Mehdi Hellou

Robotics/AI student

Self-improving agent based on reinforcement learning

During my second Master in AI at Sorbonne University, I have worked into a school project which was to read a scientific article related to AI methods used in robotics, and reproduced these methods and compared the results from the paper. The paper focus in the using of Reinforcement Learning methods as the adaptive heuristic critic (AHC) learning architecture , and Q-learning into a complex and simulated environment. The environment included an agent, enemies, food and obstacles. The purpose of the agent was to survive into the environment by using its sensors to avoid the enemies and obstacles, and collect food.
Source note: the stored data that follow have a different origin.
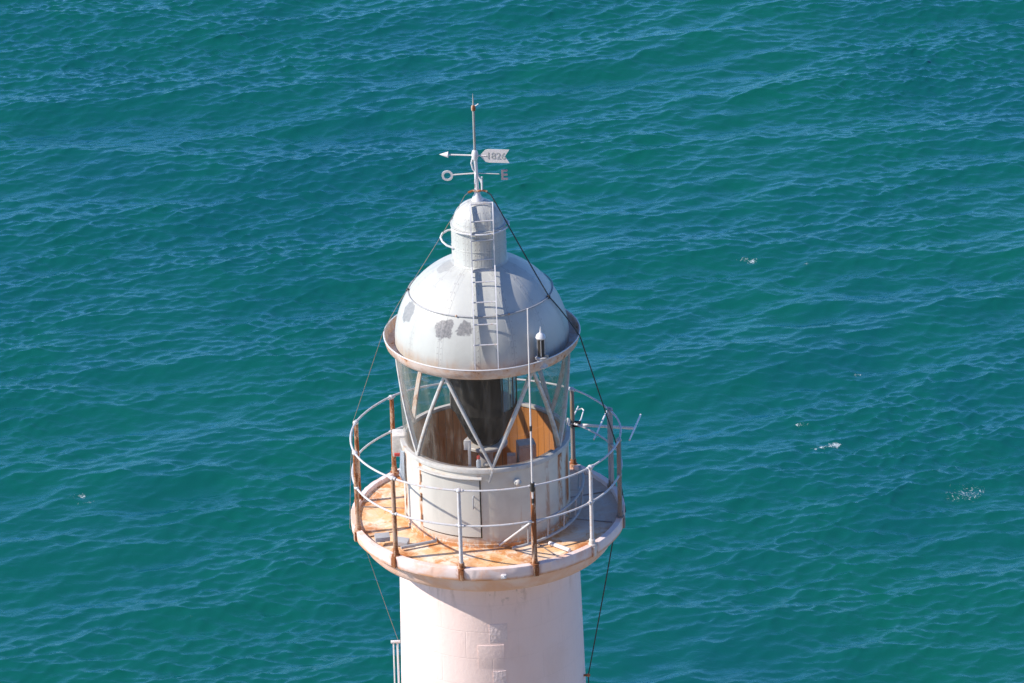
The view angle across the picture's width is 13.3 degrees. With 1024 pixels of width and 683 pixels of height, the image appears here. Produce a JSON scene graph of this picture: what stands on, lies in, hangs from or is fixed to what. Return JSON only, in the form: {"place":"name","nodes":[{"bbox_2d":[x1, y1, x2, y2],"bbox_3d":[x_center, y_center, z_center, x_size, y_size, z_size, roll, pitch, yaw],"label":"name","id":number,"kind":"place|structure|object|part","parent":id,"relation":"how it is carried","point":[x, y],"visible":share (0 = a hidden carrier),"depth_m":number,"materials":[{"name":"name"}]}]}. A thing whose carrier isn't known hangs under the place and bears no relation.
{"place":"outdoors","nodes":[
{"label":"outdoors","id":0,"kind":"place"},
{"bbox_2d":[0,0,1023,682],"bbox_3d":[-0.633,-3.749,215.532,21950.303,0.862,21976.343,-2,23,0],"label":"sea","id":1,"kind":"structure","parent":0,"point":[772,250],"depth_m":210.22,"materials":[{"name":"liquid"}]},
{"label":"headland","id":2,"kind":"structure","parent":0,"visible":0},
{"bbox_2d":[350,189,624,682],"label":"lighthouse","id":3,"kind":"object","parent":2,"relation":"on","point":[482,600],"visible":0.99,"depth_m":49.47,"materials":[{"name":"white paint"}]},
{"bbox_2d":[374,532,389,541],"bbox_3d":[-1.462,2.212,49.627,0.170,0.084,0.090,-5,24,-8],"label":"deck lamp","id":4,"kind":"object","parent":3,"relation":"attached to","point":[383,537],"visible":1,"depth_m":49.59,"materials":[{"name":"white metal"}]},
{"bbox_2d":[391,640,399,682],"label":"cable pipe","id":5,"kind":"object","parent":3,"relation":"attached to","point":[397,647],"visible":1,"depth_m":51.05,"materials":[{"name":"white metal"}]},
{"bbox_2d":[392,429,405,456],"bbox_3d":[-1.286,1.154,50.062,0.150,0.260,0.211,-2,23,0],"label":"junction box","id":6,"kind":"object","parent":3,"relation":"attached to","point":[397,434],"visible":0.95,"depth_m":49.98,"materials":[{"name":"white metal"}]},
{"bbox_2d":[399,449,404,480],"bbox_3d":[-1.244,1.398,49.897,0.052,0.380,0.192,-6,24,-10],"label":"cloth","id":7,"kind":"object","parent":3,"relation":"hanging from","point":[401,472],"visible":1,"depth_m":49.87,"materials":[{"name":"white fabric"}]},
{"bbox_2d":[398,537,409,546],"bbox_3d":[-1.246,2.260,49.609,0.170,0.084,0.090,6,25,18],"label":"deck lamp","id":8,"kind":"object","parent":3,"relation":"on","point":[402,541],"visible":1,"depth_m":49.58,"materials":[{"name":"white metal"}]},
{"bbox_2d":[350,193,467,638],"bbox_3d":[-1.177,0.899,49.904,1.485,5.528,0.424,5,24,16],"label":"lightning cable","id":9,"kind":"object","parent":3,"relation":"attached to","point":[363,390],"visible":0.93,"depth_m":49.92,"materials":[{"name":"brown metal"}]},
{"bbox_2d":[401,537,436,548],"bbox_3d":[-1.002,2.267,49.588,0.535,0.045,0.166,-18,28,-33],"label":"deck pipe","id":10,"kind":"object","parent":3,"relation":"on","point":[418,544],"visible":1,"depth_m":49.54,"materials":[{"name":"grey metal"}]},
{"bbox_2d":[419,471,480,536],"bbox_3d":[-0.712,1.831,49.422,0.759,0.710,0.101,10,26,25],"label":"door","id":11,"kind":"structure","parent":3,"relation":"in","point":[440,506],"depth_m":49.40,"materials":[{"name":"paint"}]},
{"bbox_2d":[464,440,470,465],"bbox_3d":[-0.467,1.626,49.679,0.180,1.130,0.180,-2,23,0],"label":"hook stand","id":12,"kind":"object","parent":3,"relation":"on","point":[467,444],"visible":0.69,"depth_m":49.48,"materials":[{"name":"white paint"}]},
{"bbox_2d":[439,94,508,192],"bbox_3d":[-0.423,-2.186,48.585,0.579,1.167,0.573,-18,28,-34],"label":"weather vane","id":13,"kind":"object","parent":3,"relation":"attached to","point":[492,155],"visible":1,"depth_m":48.63,"materials":[{"name":"white paint"}]},
{"bbox_2d":[476,455,480,467],"bbox_3d":[-0.373,1.340,49.150,0.055,0.142,0.056,-2,23,0],"label":"bottle","id":14,"kind":"object","parent":3,"relation":"on","point":[478,463],"visible":1,"depth_m":49.13,"materials":[{"name":"white plastic"}]},
{"bbox_2d":[449,376,516,466],"bbox_3d":[-0.305,0.977,49.948,0.780,2.100,0.780,-2,23,0],"label":"lighthouse lens","id":15,"kind":"object","parent":3,"relation":"in","point":[489,406],"visible":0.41,"depth_m":49.55,"materials":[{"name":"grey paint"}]},
{"bbox_2d":[507,438,535,464],"bbox_3d":[0.110,1.519,50.305,0.330,0.800,0.192,-6,24,-10],"label":"equipment cabinet","id":16,"kind":"object","parent":3,"relation":"on","point":[521,453],"visible":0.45,"depth_m":50.13,"materials":[{"name":"metal"}]},
{"bbox_3d":[0.175,1.549,50.230,0.173,0.740,0.008,-6,24,-10],"label":"door","id":17,"kind":"part","parent":16,"relation":"part of","materials":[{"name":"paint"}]},
{"bbox_2d":[527,308,534,503],"bbox_3d":[0.198,0.724,48.223,0.049,2.340,0.054,-2,23,0],"label":"whip aerial","id":18,"kind":"object","parent":3,"relation":"attached to","point":[532,486],"visible":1,"depth_m":48.30,"materials":[{"name":"white paint"}]},
{"bbox_2d":[535,326,548,368],"bbox_3d":[0.325,0.056,48.665,0.154,0.490,0.145,-2,23,0],"label":"beacon lamp","id":19,"kind":"object","parent":3,"relation":"on","point":[541,355],"visible":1,"depth_m":48.64,"materials":[{"name":"paint"}]},
{"bbox_2d":[512,465,584,548],"bbox_3d":[0.529,1.905,49.848,0.362,0.402,1.563,11,27,28],"label":"bent ladder","id":20,"kind":"object","parent":3,"relation":"on","point":[580,493],"visible":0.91,"depth_m":49.68,"materials":[{"name":"grey metal"}]},
{"bbox_2d":[487,192,625,682],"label":"lightning cable","id":21,"kind":"object","parent":3,"relation":"attached to","point":[600,398],"visible":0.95,"depth_m":49.75,"materials":[{"name":"black metal"}]},
{"bbox_2d":[548,541,570,551],"bbox_3d":[0.535,2.302,49.410,0.306,0.051,0.052,19,31,39],"label":"pipe offcut","id":22,"kind":"object","parent":3,"relation":"on","point":[559,546],"visible":1,"depth_m":49.39,"materials":[{"name":"white paint"}]},
{"bbox_2d":[565,406,641,440],"bbox_3d":[1.036,0.933,51.174,0.840,0.116,0.900,3,24,12],"label":"directional aerial","id":23,"kind":"object","parent":3,"relation":"attached to","point":[600,425],"visible":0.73,"depth_m":51.15,"materials":[{"name":"grey metal"}]}
]}

During this project, we had to create the environment and the protagonists (agent and enemies), the sensors of the agent by using coarse coding and the python GUI toolkit Tkinter. We also adjusted the movement of the characters to be compatible with the GUI Tkinter. Thereafter, we had to set up the learning part by implementing the Q-Learning method in using a neural network which allowed the agent to choose its movement autonomously. The neural network had three layers including an input layer (145 neurons) whose the values were given by the agent's sensors, a hidden layer (30 neurons) and an output layer (1 neuron) corresponding to the Q-Value. At the end of implementing, we had to compare our results illustrated by the learning curves, to the ones from the paper.

Learning curves
Figure - Learning curves showing the number of resources eaten by the agent during 300 plays with and without using experience replay (blue and green curves, respectively).

The learning curves above depict the agent's performance over 300 training simulations. As expected, the agent gradually learns to collect resources and avoid being caught by the enemies. A short demo is provided below to consolidate the agent's performance and to understand how we built the simulation.
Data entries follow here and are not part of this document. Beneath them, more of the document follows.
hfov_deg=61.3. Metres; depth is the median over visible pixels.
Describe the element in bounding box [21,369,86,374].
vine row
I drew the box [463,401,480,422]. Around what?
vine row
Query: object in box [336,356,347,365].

  1. Long-Ji Lin. 1992. Self-Improving Reactive Agents Based on Reinforcement Learning, Planning and Teaching. Mach. Learn. 8, 3–4 (May 1992), 293–321.
  2. Richard Stuart Sutton.Temporal Credit Assignment in Reinforcement Learning. PhD thesis, 1984. AAI8410337.
  3. Sutton, Richard & Barto, Andrew. (1990). Time-Derivative Models of Pavlovian Reinforcement.
  4. Watkins, C. J. C. H.. "Learning from Delayed Rewards." PhD diss., King's College, Oxford, 1989.
  5. D. E. Rumelhart, G. E. Hinton, and R. J. Williams. 1986. Learning internal representations by error propagation. Parallel distributed processing: explorations in the microstructure of cognition, vol. 1: foundations. MIT Press, Cambridge, MA, USA, 318–362.